> _Problem_: Could you reproduce every record below exactly, excluding all pictures?

===

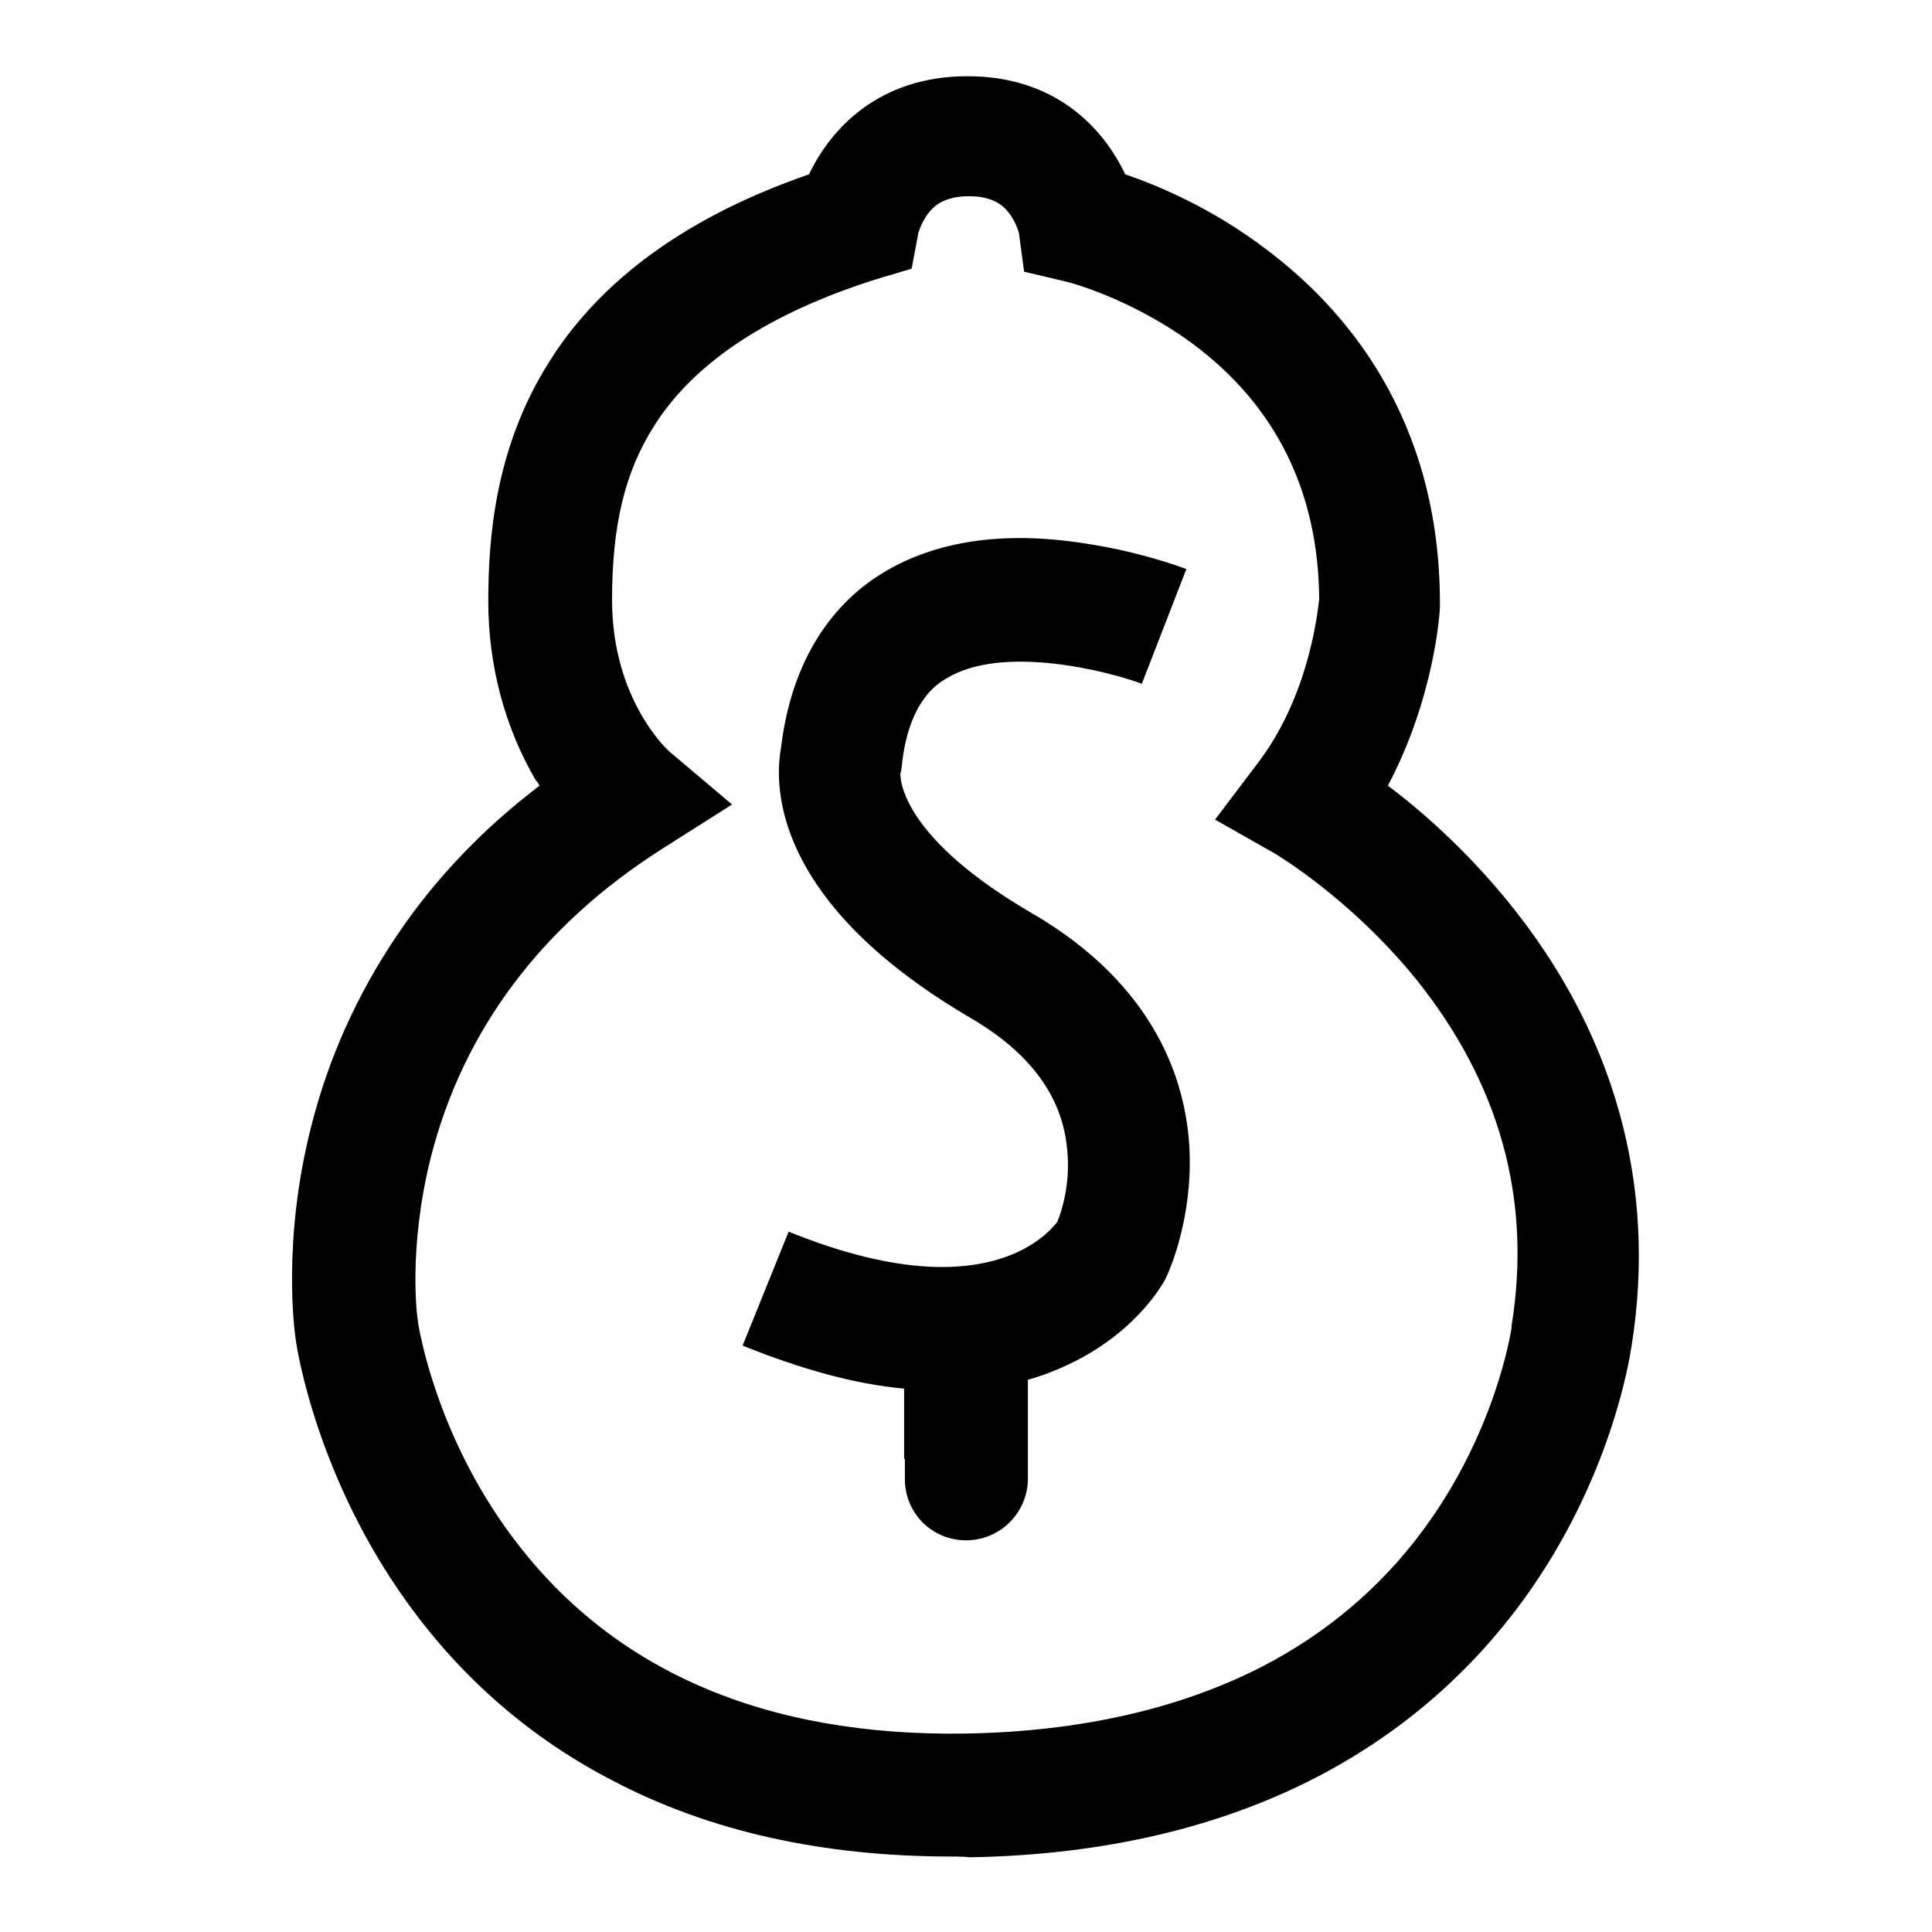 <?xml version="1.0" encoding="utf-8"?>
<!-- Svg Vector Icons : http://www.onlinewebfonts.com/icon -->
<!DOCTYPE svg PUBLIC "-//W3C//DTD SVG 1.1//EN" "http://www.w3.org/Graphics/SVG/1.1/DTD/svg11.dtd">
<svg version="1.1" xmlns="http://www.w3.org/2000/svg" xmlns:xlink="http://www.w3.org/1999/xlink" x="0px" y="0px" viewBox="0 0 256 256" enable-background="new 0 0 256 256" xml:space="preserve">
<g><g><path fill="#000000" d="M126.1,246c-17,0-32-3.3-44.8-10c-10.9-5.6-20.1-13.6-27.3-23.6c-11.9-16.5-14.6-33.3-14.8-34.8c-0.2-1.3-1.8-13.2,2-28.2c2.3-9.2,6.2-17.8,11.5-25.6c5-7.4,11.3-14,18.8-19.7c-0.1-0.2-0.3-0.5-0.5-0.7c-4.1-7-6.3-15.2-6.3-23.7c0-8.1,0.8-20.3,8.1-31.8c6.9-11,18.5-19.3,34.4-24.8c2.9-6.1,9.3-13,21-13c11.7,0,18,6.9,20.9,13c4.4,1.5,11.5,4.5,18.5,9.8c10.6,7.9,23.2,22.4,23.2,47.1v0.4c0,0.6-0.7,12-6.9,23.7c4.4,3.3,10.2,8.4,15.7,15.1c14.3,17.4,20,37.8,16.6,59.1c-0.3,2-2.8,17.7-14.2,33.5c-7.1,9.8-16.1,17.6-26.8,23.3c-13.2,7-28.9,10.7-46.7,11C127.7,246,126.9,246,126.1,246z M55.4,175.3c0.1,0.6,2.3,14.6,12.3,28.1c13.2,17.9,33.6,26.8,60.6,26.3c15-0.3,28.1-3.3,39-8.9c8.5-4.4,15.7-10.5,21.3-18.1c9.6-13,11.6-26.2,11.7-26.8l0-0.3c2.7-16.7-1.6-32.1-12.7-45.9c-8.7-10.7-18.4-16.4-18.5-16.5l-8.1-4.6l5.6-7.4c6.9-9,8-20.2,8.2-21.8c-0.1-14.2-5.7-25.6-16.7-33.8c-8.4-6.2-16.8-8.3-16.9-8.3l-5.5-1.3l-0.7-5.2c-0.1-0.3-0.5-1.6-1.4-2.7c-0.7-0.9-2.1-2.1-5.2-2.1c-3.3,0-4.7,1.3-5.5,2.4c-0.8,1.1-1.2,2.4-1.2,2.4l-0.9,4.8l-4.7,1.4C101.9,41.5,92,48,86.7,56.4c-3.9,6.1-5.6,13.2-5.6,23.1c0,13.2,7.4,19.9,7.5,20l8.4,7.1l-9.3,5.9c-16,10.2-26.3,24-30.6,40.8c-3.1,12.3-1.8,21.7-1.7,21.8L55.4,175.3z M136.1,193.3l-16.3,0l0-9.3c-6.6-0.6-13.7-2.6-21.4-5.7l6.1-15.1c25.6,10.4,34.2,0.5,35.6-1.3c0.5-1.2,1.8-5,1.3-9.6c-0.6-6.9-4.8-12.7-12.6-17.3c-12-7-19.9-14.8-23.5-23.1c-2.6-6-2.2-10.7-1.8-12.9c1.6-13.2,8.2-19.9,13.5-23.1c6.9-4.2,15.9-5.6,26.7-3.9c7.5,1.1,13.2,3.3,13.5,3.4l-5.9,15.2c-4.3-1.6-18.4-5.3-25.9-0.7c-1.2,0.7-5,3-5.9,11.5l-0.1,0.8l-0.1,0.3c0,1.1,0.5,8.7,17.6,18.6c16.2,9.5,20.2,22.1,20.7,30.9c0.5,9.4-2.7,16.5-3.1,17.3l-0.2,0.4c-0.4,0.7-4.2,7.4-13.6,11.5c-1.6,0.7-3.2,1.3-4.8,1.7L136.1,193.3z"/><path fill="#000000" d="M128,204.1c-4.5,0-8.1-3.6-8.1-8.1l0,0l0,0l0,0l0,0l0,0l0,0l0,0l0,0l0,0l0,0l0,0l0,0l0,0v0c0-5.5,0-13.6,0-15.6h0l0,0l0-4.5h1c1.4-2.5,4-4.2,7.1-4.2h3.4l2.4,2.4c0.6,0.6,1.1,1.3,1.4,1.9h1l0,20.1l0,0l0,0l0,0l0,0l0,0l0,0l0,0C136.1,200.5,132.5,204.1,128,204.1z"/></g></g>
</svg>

===

> _Output_:
 <?xml version="1.0" encoding="utf-8"?>
<!-- Svg Vector Icons : http://www.onlinewebfonts.com/icon -->
<!DOCTYPE svg PUBLIC "-//W3C//DTD SVG 1.1//EN" "http://www.w3.org/Graphics/SVG/1.1/DTD/svg11.dtd">
<svg version="1.1" xmlns="http://www.w3.org/2000/svg" xmlns:xlink="http://www.w3.org/1999/xlink" x="0px" y="0px" viewBox="0 0 256 256" enable-background="new 0 0 256 256" xml:space="preserve">
<g><g><path fill="#000000" d="M126.1,246c-17,0-32-3.3-44.8-10c-10.9-5.6-20.1-13.6-27.3-23.6c-11.9-16.5-14.6-33.3-14.8-34.8c-0.2-1.3-1.8-13.2,2-28.2c2.3-9.2,6.2-17.8,11.5-25.6c5-7.4,11.3-14,18.8-19.7c-0.1-0.2-0.3-0.5-0.5-0.7c-4.1-7-6.3-15.2-6.3-23.7c0-8.1,0.8-20.3,8.1-31.8c6.9-11,18.5-19.3,34.4-24.8c2.9-6.1,9.3-13,21-13c11.7,0,18,6.9,20.9,13c4.4,1.5,11.5,4.5,18.5,9.8c10.6,7.9,23.2,22.4,23.2,47.1v0.4c0,0.6-0.7,12-6.9,23.7c4.4,3.3,10.2,8.4,15.7,15.1c14.3,17.4,20,37.8,16.6,59.1c-0.3,2-2.8,17.7-14.2,33.5c-7.1,9.8-16.1,17.6-26.8,23.3c-13.2,7-28.9,10.7-46.7,11C127.7,246,126.9,246,126.1,246z M55.4,175.3c0.1,0.6,2.3,14.6,12.3,28.1c13.2,17.9,33.6,26.8,60.6,26.3c15-0.3,28.1-3.3,39-8.9c8.5-4.4,15.7-10.5,21.3-18.1c9.6-13,11.6-26.2,11.7-26.8l0-0.3c2.7-16.7-1.6-32.1-12.7-45.9c-8.7-10.7-18.4-16.4-18.5-16.5l-8.1-4.6l5.6-7.4c6.9-9,8-20.2,8.2-21.8c-0.1-14.2-5.7-25.6-16.7-33.8c-8.4-6.2-16.8-8.3-16.9-8.3l-5.5-1.3l-0.7-5.2c-0.1-0.3-0.5-1.6-1.4-2.7c-0.7-0.9-2.1-2.1-5.2-2.1c-3.3,0-4.7,1.3-5.5,2.4c-0.8,1.1-1.2,2.4-1.2,2.4l-0.9,4.8l-4.7,1.4C101.9,41.5,92,48,86.7,56.4c-3.9,6.1-5.6,13.2-5.6,23.1c0,13.2,7.4,19.9,7.5,20l8.4,7.1l-9.3,5.9c-16,10.2-26.3,24-30.6,40.8c-3.1,12.3-1.8,21.7-1.7,21.8L55.4,175.3z M136.1,193.3l-16.3,0l0-9.3c-6.6-0.6-13.7-2.6-21.4-5.7l6.1-15.1c25.6,10.4,34.2,0.5,35.6-1.3c0.5-1.2,1.8-5,1.3-9.6c-0.6-6.9-4.8-12.7-12.6-17.3c-12-7-19.9-14.8-23.5-23.1c-2.6-6-2.2-10.7-1.8-12.9c1.6-13.2,8.2-19.9,13.5-23.1c6.9-4.2,15.9-5.6,26.7-3.9c7.5,1.1,13.2,3.3,13.5,3.4l-5.9,15.2c-4.3-1.6-18.4-5.3-25.9-0.7c-1.2,0.7-5,3-5.9,11.5l-0.1,0.8l-0.1,0.3c0,1.1,0.5,8.7,17.6,18.6c16.2,9.5,20.2,22.1,20.7,30.9c0.5,9.4-2.7,16.5-3.1,17.3l-0.2,0.4c-0.4,0.7-4.2,7.4-13.6,11.5c-1.6,0.7-3.2,1.3-4.8,1.7L136.1,193.3z"/><path fill="#000000" d="M128,204.1c-4.5,0-8.1-3.6-8.1-8.1l0,0l0,0l0,0l0,0l0,0l0,0l0,0l0,0l0,0l0,0l0,0l0,0l0,0v0c0-5.5,0-13.6,0-15.6h0l0,0l0-4.5h1c1.4-2.5,4-4.2,7.1-4.2h3.4l2.4,2.4c0.6,0.6,1.1,1.3,1.4,1.9h1l0,20.1l0,0l0,0l0,0l0,0l0,0l0,0l0,0C136.1,200.5,132.5,204.1,128,204.1z"/></g></g>
</svg>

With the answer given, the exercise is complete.